The task: In the records below, find each line with "DIRECTION" and copy it.

Exercise data:
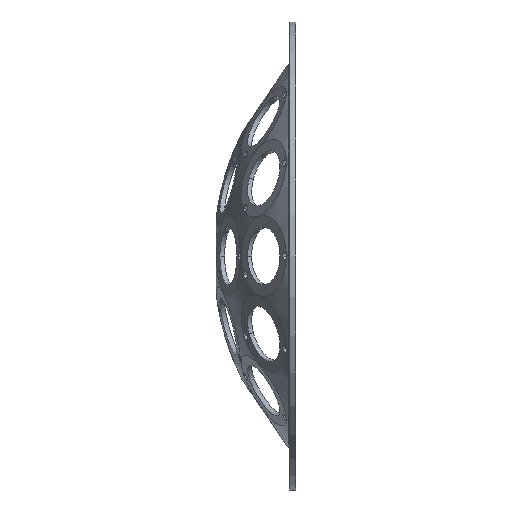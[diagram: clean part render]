
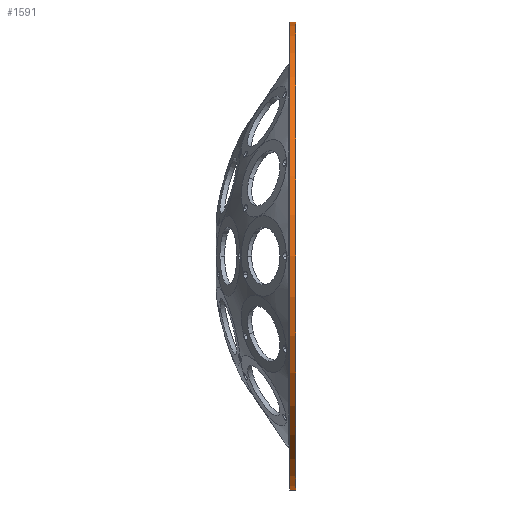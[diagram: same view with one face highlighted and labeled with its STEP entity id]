
A CAD part, left-side view. The second image highlights one B-rep face of the part: STEP entity #1591.
In plain terms, the highlighted cylindrical face has radius 223 mm (diameter 446 mm), a partial arc.
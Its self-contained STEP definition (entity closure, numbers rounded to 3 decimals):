
#220 = AXIS2_PLACEMENT_3D ( 'NONE', #4000, #20364, #20471 ) ;
#942 = EDGE_LOOP ( 'NONE', ( #10688, #18875, #1436, #18797 ) ) ;
#1436 = ORIENTED_EDGE ( 'NONE', *, *, #20005, .T. ) ;
#1591 = ADVANCED_FACE ( 'NONE', ( #7410 ), #8779, .T. ) ;
#1651 = CARTESIAN_POINT ( 'NONE',  ( 0., 189., 0. ) ) ;
#1660 = AXIS2_PLACEMENT_3D ( 'NONE', #1651, #8126, #16007 ) ;
#2456 = CARTESIAN_POINT ( 'NONE',  ( 0., 195., -223. ) ) ;
#2565 = VECTOR ( 'NONE', #7190, 1000. ) ;
#3341 = CARTESIAN_POINT ( 'NONE',  ( 0., 195., 0. ) ) ;
#3879 = EDGE_CURVE ( 'NONE', #18392, #6807, #18437, .T. ) ;
#4000 = CARTESIAN_POINT ( 'NONE',  ( 0., 284.983, 0. ) ) ;
#5405 = CARTESIAN_POINT ( 'NONE',  ( 0., 195., 223. ) ) ;
#6807 = VERTEX_POINT ( 'NONE', #2456 ) ;
#7135 = VERTEX_POINT ( 'NONE', #5405 ) ;
#7190 = DIRECTION ( 'NONE',  ( 0., 1., 0. ) ) ;
#7410 = FACE_OUTER_BOUND ( 'NONE', #942, .T. ) ;
#7494 = AXIS2_PLACEMENT_3D ( 'NONE', #3341, #9934, #13014 ) ;
#8126 = DIRECTION ( 'NONE',  ( 0., 1., 0. ) ) ;
#8779 = CYLINDRICAL_SURFACE ( 'NONE', #220, 223. ) ;
#9742 = CARTESIAN_POINT ( 'NONE',  ( 0., 284.983, 223. ) ) ;
#9934 = DIRECTION ( 'NONE',  ( 0., 1., 0. ) ) ;
#10336 = CARTESIAN_POINT ( 'NONE',  ( 0., 189., 223. ) ) ;
#10688 = ORIENTED_EDGE ( 'NONE', *, *, #3879, .F. ) ;
#11327 = DIRECTION ( 'NONE',  ( 0., 1., 0. ) ) ;
#11521 = EDGE_CURVE ( 'NONE', #18392, #20524, #14225, .T. ) ;
#13014 = DIRECTION ( 'NONE',  ( 0., 0., 1. ) ) ;
#14225 = CIRCLE ( 'NONE', #1660, 223. ) ;
#14419 = EDGE_CURVE ( 'NONE', #6807, #7135, #16635, .T. ) ;
#14731 = LINE ( 'NONE', #9742, #19741 ) ;
#16007 = DIRECTION ( 'NONE',  ( 0., 0., 1. ) ) ;
#16627 = CARTESIAN_POINT ( 'NONE',  ( 0., 189., -223. ) ) ;
#16635 = CIRCLE ( 'NONE', #7494, 223. ) ;
#16853 = CARTESIAN_POINT ( 'NONE',  ( 0., 284.983, -223. ) ) ;
#18392 = VERTEX_POINT ( 'NONE', #16627 ) ;
#18437 = LINE ( 'NONE', #16853, #2565 ) ;
#18797 = ORIENTED_EDGE ( 'NONE', *, *, #14419, .F. ) ;
#18875 = ORIENTED_EDGE ( 'NONE', *, *, #11521, .T. ) ;
#19741 = VECTOR ( 'NONE', #11327, 1000. ) ;
#20005 = EDGE_CURVE ( 'NONE', #20524, #7135, #14731, .T. ) ;
#20364 = DIRECTION ( 'NONE',  ( 0., 1., 0. ) ) ;
#20471 = DIRECTION ( 'NONE',  ( 0., 0., 1. ) ) ;
#20524 = VERTEX_POINT ( 'NONE', #10336 ) ;

Answer to this exercise:
#7190 = DIRECTION ( 'NONE',  ( 0., 1., 0. ) ) ;
#8126 = DIRECTION ( 'NONE',  ( 0., 1., 0. ) ) ;
#9934 = DIRECTION ( 'NONE',  ( 0., 1., 0. ) ) ;
#11327 = DIRECTION ( 'NONE',  ( 0., 1., 0. ) ) ;
#13014 = DIRECTION ( 'NONE',  ( 0., 0., 1. ) ) ;
#16007 = DIRECTION ( 'NONE',  ( 0., 0., 1. ) ) ;
#20364 = DIRECTION ( 'NONE',  ( 0., 1., 0. ) ) ;
#20471 = DIRECTION ( 'NONE',  ( 0., 0., 1. ) ) ;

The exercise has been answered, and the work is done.